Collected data
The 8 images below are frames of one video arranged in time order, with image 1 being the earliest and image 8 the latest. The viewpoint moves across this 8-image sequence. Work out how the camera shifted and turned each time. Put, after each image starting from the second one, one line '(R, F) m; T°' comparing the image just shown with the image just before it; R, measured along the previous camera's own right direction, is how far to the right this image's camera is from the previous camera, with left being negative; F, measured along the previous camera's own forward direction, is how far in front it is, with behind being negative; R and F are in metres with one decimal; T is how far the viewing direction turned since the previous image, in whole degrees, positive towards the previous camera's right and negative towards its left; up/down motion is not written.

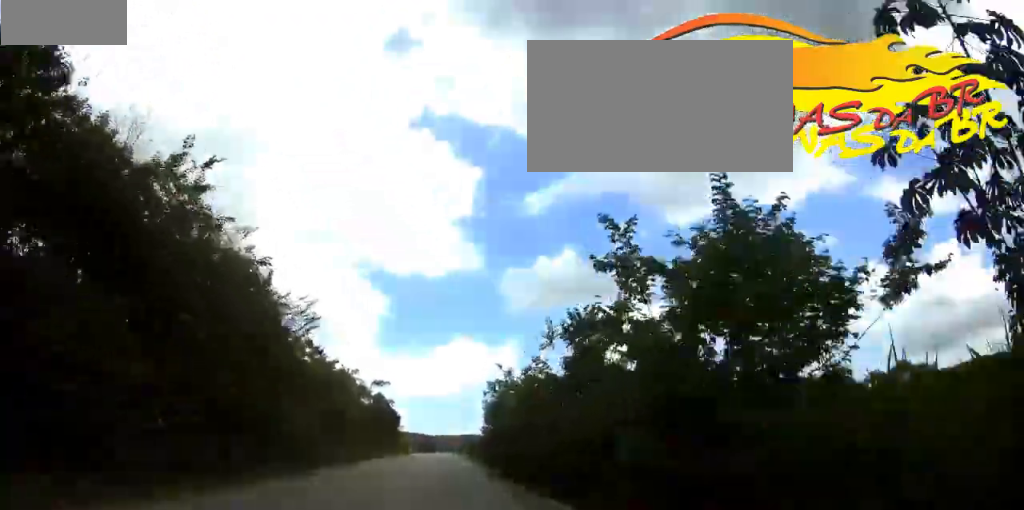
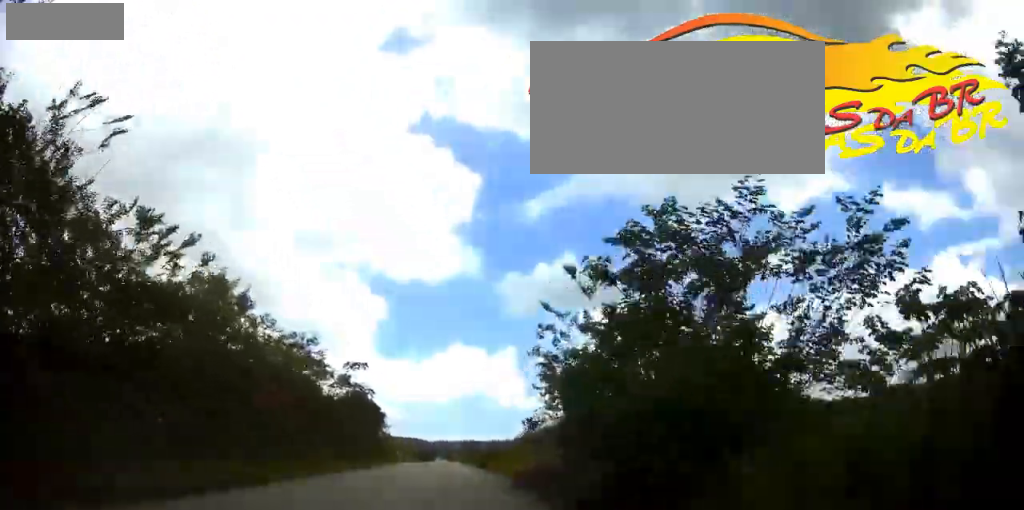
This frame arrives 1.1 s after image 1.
(+0.1, +26.7) m; +1°
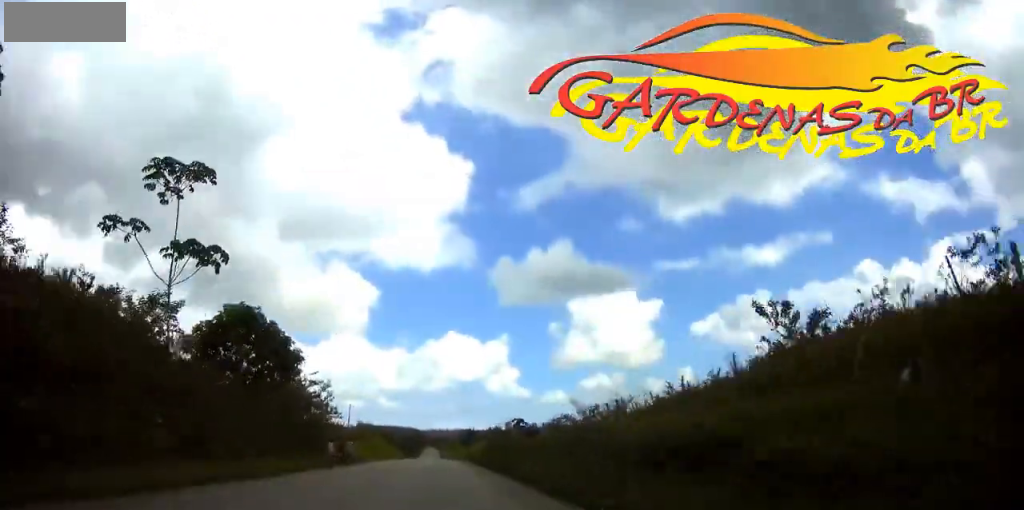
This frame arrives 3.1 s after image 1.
(+0.1, +48.5) m; 0°
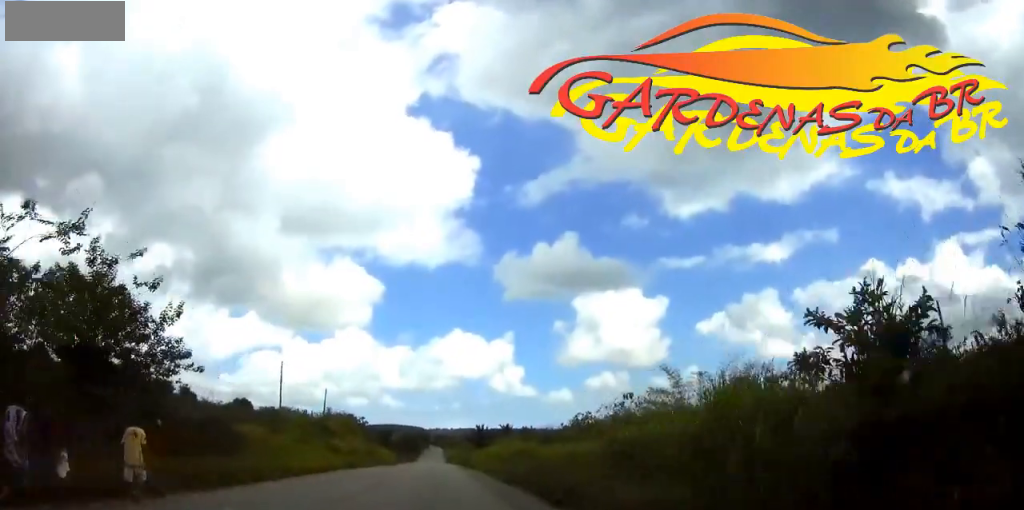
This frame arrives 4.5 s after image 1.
(0.0, +35.1) m; 0°
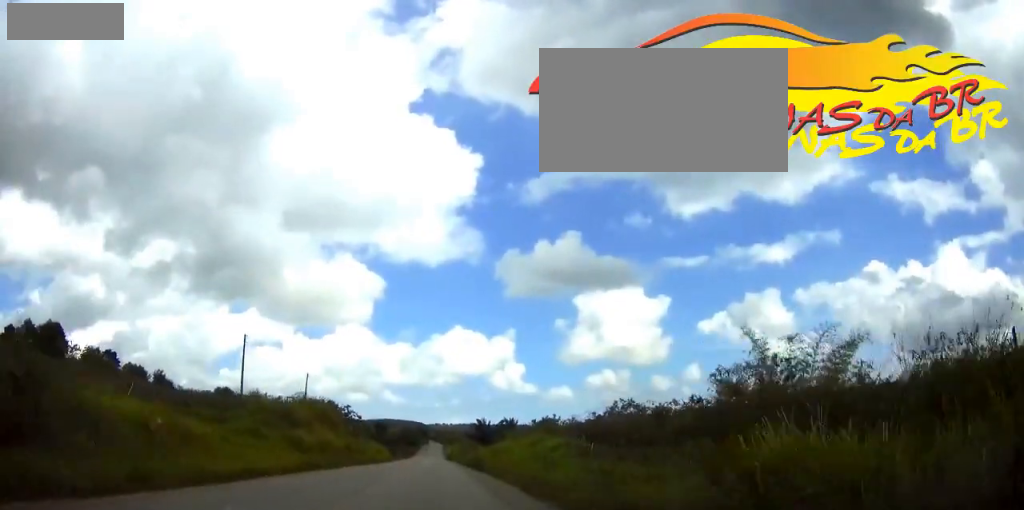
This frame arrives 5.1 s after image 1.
(0.0, +15.1) m; 0°
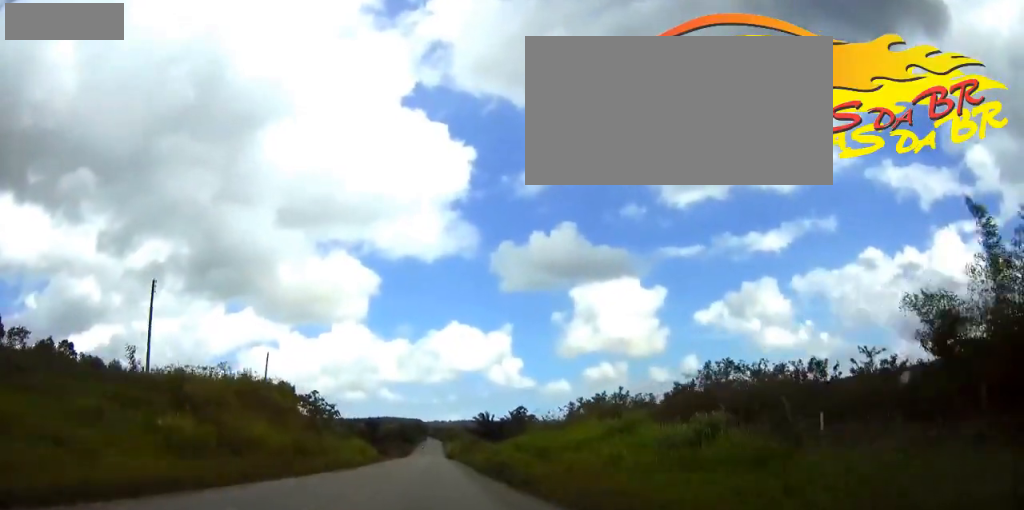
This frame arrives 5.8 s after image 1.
(-0.1, +19.6) m; 0°
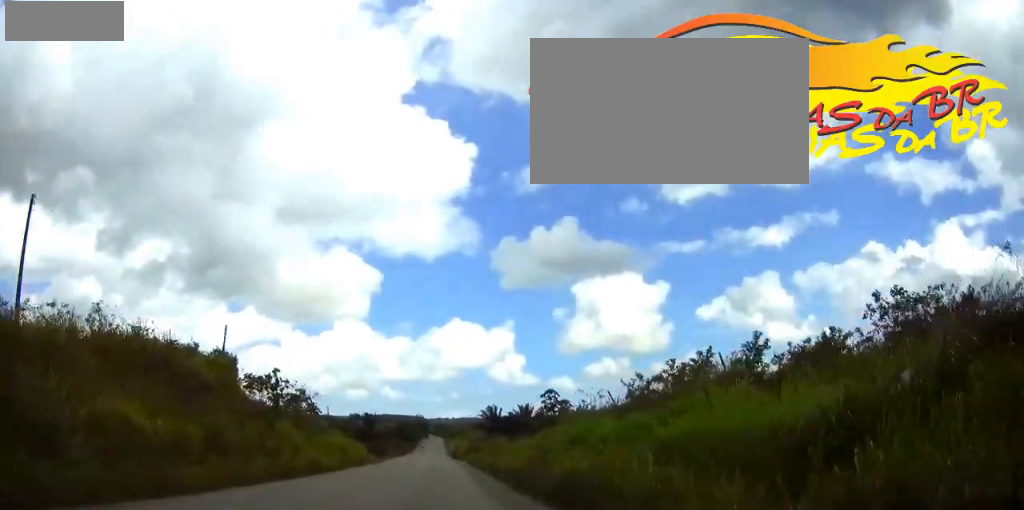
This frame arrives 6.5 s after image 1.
(0.0, +16.3) m; 0°
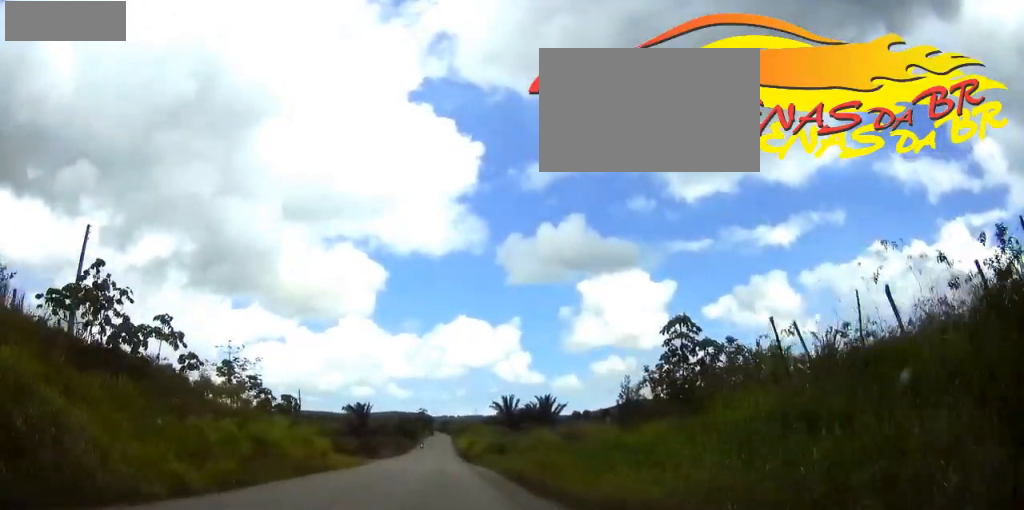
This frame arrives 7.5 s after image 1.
(-0.1, +25.9) m; 0°

## HOW TO COMPLETE THIS TASK:
Since only the text is wanted, repeat all the records above exactly and omit the pictures.

## RESPONSE FOR THIS EXERCISE:
The 8 images below are frames of one video arranged in time order, with image 1 being the earliest and image 8 the latest. The viewpoint moves across this 8-image sequence. Work out how the camera shifted and turned each time. Put, after each image starting from the second one, one line '(R, F) m; T°' comparing the image just shown with the image just before it; R, measured along the previous camera's own right direction, is how far to the right this image's camera is from the previous camera, with left being negative; F, measured along the previous camera's own forward direction, is how far in front it is, with behind being negative; R and F are in metres with one decimal; T is how far the viewing direction turned since the previous image, in whole degrees, positive towards the previous camera's right and negative towards its left; up/down motion is not written.

This frame arrives 1.1 s after image 1.
(+0.1, +26.7) m; +1°
This frame arrives 3.1 s after image 1.
(+0.1, +48.5) m; 0°
This frame arrives 4.5 s after image 1.
(0.0, +35.1) m; 0°
This frame arrives 5.1 s after image 1.
(0.0, +15.1) m; 0°
This frame arrives 5.8 s after image 1.
(-0.1, +19.6) m; 0°
This frame arrives 6.5 s after image 1.
(0.0, +16.3) m; 0°
This frame arrives 7.5 s after image 1.
(-0.1, +25.9) m; 0°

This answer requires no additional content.